Nuestro cantante le increpaba, «Vamos cabrón, acelera si tienes huevos,vamos! » Como si aquello fuera un Miura coño,se había ensañado completamente con el conductor, estaba fuera de sí, el otro que no sabía ni que cojones le decían ni en que país estaba,venga a insultarnos, a mentarnos a las madres,aceleraba con la cuarta puesta echando humo como si hubieran elegido a un nuevo Papa (otra vez el humo y el Papa rediez), intentaba atropellarnos  y nosotros con ese rulo de periódico en la mano y la pañoleta de los san fermines.

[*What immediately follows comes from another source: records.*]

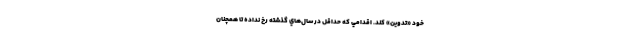
خود «تدوين» كند. اقدامي كه حداقل در سال‌هاي گذشته رخ نداده تا همچنان
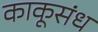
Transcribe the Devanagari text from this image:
काकूसंध
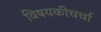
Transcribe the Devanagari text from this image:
विषयकीचर्चा
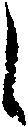
し
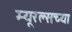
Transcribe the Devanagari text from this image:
म्यूरल्सच्या
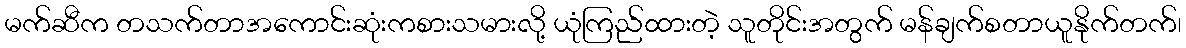
မက်ဆီက တသက်တာအကောင်းဆုံးကစားသမားလို့ ယုံကြည်ထားတဲ့ သူတိုင်းအတွက် မန်ချက်စတာယူနိုက်တက်၊
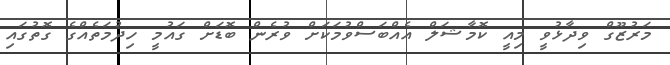
މަރުޒޫގް ވިދާޅުވީ މިއީ ކޮމާޝަލް އެއްބަސްވުމަކަށް ވުރެން ބޮޑަށް ގައުމީ ހިދުމަތެއްގެ ގޮތުގައި
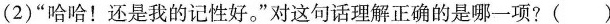
(2)”哈哈！还是我的记性好。”对这句话理解正确的是哪一项?()
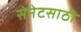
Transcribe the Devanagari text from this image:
सेनेटसाठी
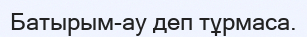
Батырым-ау деп тұрмаса.
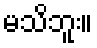
မသိဘူး။
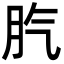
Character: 䏗
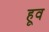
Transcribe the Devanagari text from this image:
हूव
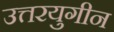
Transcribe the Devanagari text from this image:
उत्तरयुगीन
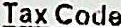
TAX CODE
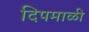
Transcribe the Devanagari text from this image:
दिपमाळी
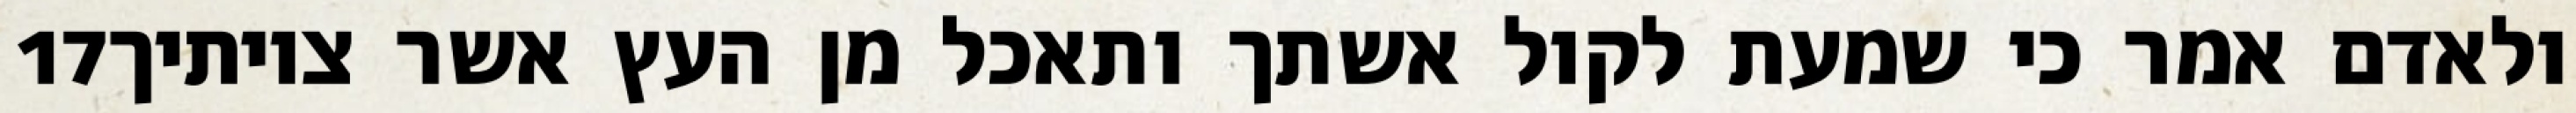
‎17‏ ולאדם אמר כי שמעת לקול אשתך ותאכל מן העץ אשר צויתיך
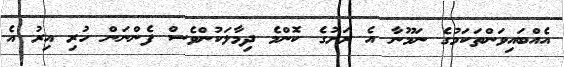
އެއްބައިވަންތަކަމުގެ ނަމޫނާ އެ ރަށުގެ ކޮންމެ ދިމާލަކުންވެސް ފެންނަން ހުރި އިރު އެ
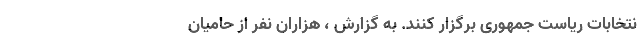
نتخابات ریاست جمهوری برگزار کنند. به گزارش ، هزاران نفر از حامیان
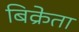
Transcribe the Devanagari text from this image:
बिक्रेता
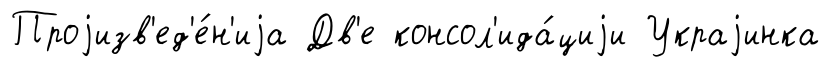
Проjизв'ед'е́н'иjа Дв'е консол'ида́циjи Украjинка
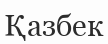
Қазбек
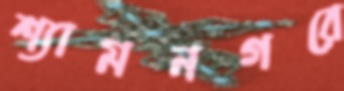
শ্যামনগরে
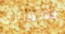
بمسألة
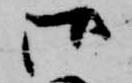
御
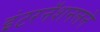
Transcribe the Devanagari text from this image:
इंटरनॅशनलने
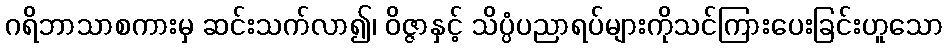
ဂရိဘာသာစကားမှ ဆင်းသက်လာ၍၊ ဝိဇ္ဇာနှင့် သိပ္ပံပညာရပ်များကိုသင်ကြားပေးခြင်းဟူသော
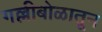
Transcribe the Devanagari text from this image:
गल्लीबोळातून
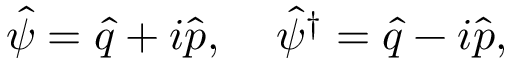
\hat { \psi } = \hat { q } + i \hat { p } , \; \; \; \; \hat { \psi } ^ { \dagger } = \hat { q } - i \hat { p } ,
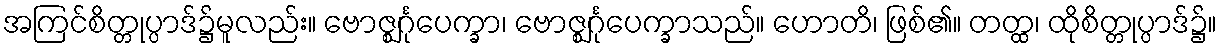
အကြင်စိတ္တုပ္ပာဒ်၌မူလည်း။ ဗောဇ္ဈင်္ဂုပေက္ခာ၊ ဗောဇ္ဈင်္ဂုပေက္ခာသည်။ ဟောတိ၊ ဖြစ်၏။ တတ္ထ၊ ထိုစိတ္တုပ္ပာဒ်၌။
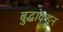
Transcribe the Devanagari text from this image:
बुद्धांकडून
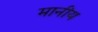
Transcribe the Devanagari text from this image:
मानीय
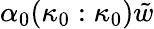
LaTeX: \alpha_{0}(\kappa_{0}:\kappa_{0})\tilde{w}
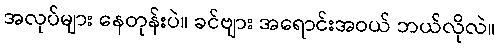
အလုပ်များ နေတုန်းပဲ။ ခင်ဗျား အရောင်းအဝယ် ဘယ်လိုလဲ။
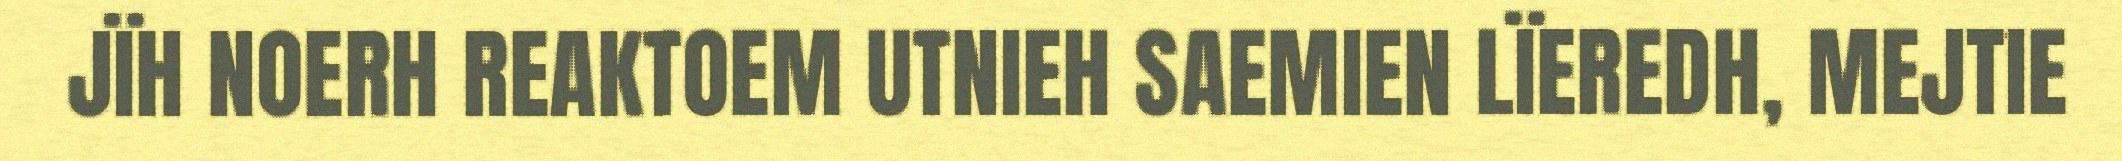
JÏH NOERH REAKTOEM UTNIEH SAEMIEN LÏEREDH, MEJTIE
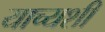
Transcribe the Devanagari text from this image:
याच्यशी
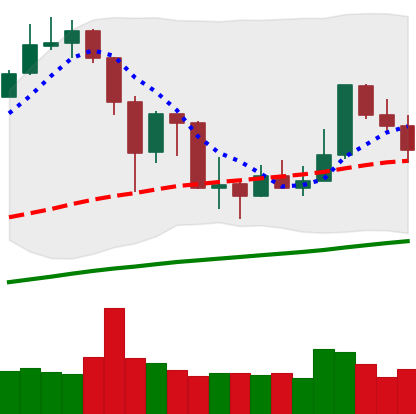
Ticker: XMR-USD
Chart end date: 2019-07-10
Forward return: -5.731%
Label: down_5_7
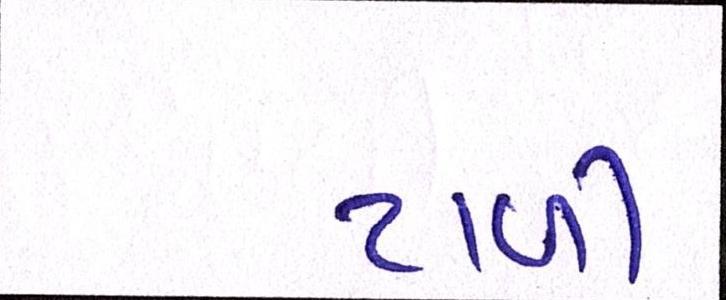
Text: ટાળી
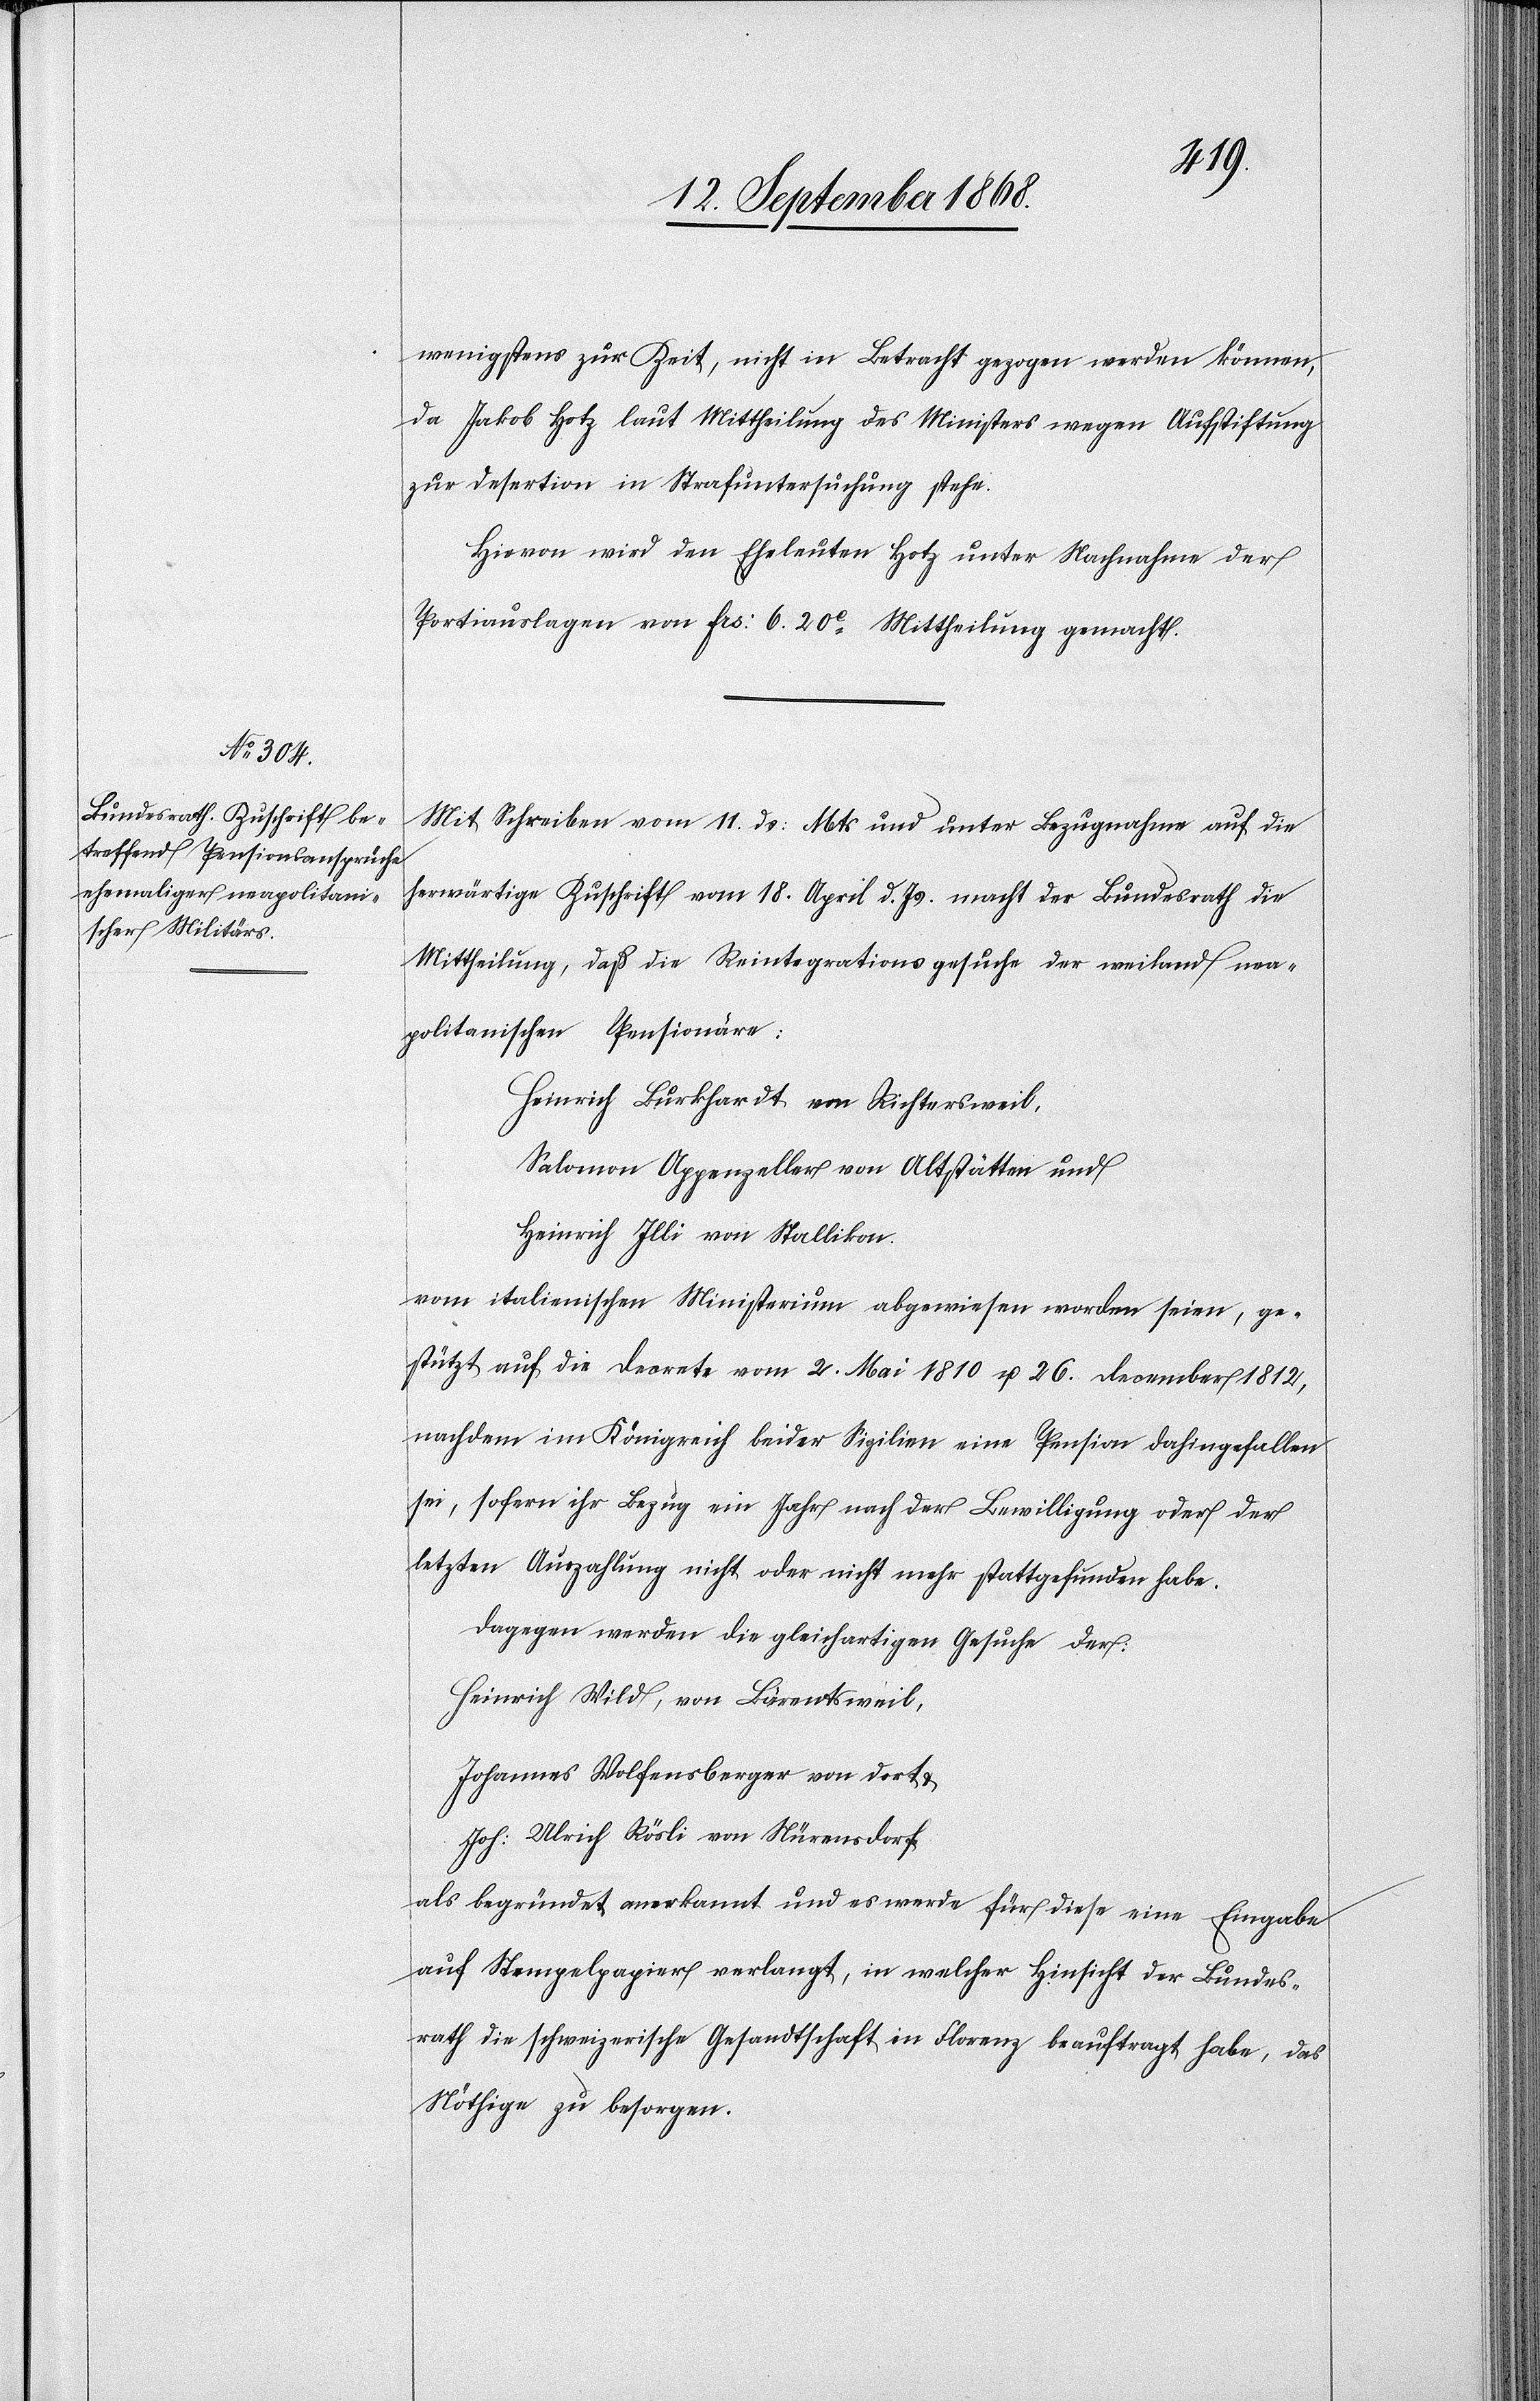
13. September 1868.]
wenigstens zur Zeit, nicht in Betracht gezogen werden können,
da Jakob Hotz laut Mittheilung des Ministers wegen Aufstiftung
zur Desertion in Strafuntersuchung stehe.
Hievon wird den Eheleuten Hotz unter Nachnahme der
Portiauslagen von Frs: 6. 20c Mittheilung gemacht.
Mit Schreiben vom 11. ds: Mts und unter Bezugnahme auf die
herwärtige Zuschrift vom 18. April d. Js. macht der Bundesrath die
Mittheilung, daß die Reintegrationsgesuche der weiland nea¬
politanischen Pensionäre:
Heinrich Burkhardt von Richtersweil,
Salomon Appenzeller von Altstätten und
Heinrich Illi von Stallikon
vom italienischen Ministerium abgewiesen worden seien, ge¬
stützt auf die Decrete vom 2. Mai 1810 u. 26. December 1812,
nachdem im Königreich beider Sizilien eine Pension dahingefallen
sei, sofern ihr Bezug ein Jahr nach der Bewilligung oder der
letzten Auszahlung nicht oder nicht mehr stattgefunden habe.
Dagegen werden die gleichartigen Gesuche der:
Heinrich Wild, von Bärentsweil,
Johannes Wolfensberger von dort
Joh: Ulrich Rösli von Nürensdorf
als begründet anerkannt und es werde für diese eine Eingabe
auf Stempelpapier verlangt, in welcher Hinsicht der Bundes¬
rath die schweizerische Gesandtschaft in Florenz beauftragt habe, das
Nöthige zu besorgen.

Cuando ya estuvimos instalados cómodamente en el Custom le imagecomentamos a Paquito la posibilidad de grabar nuestro primer larga duración pero necesitábamos un productor.

Habíamos contactado previamente con La Monja, un guitarrista que empezaba a ponerse de moda en el mundo de la producción,pero no congeniamos muy bien con él, tenía un extraño carácter, aunque hay que decir para ser honestos que posteriormente ha triunfado con grupos como Filo y los Filomátics.

Se quedó allí sentado mirándonos en el salón de nuestra casa y no hablaba,era como el Loco de la Colina haciendo una entrevista, nosotros intentábamos ser amables, pero nada, La Monja allí sentado sin mediar palabra durante cuarenta minutos, a mi particularmente aquello me pareció una puta eternidad,siempre me han dejado muy  flipado esta peculiar especie de músicos  cuyo mundo interior es desorbitado pero que por fuera parecen maniquís, están como en pause todo el rato con su tristeza y su melancolía, un auténtico coñazo para la hora del café o la sobremesa de cualquier familia…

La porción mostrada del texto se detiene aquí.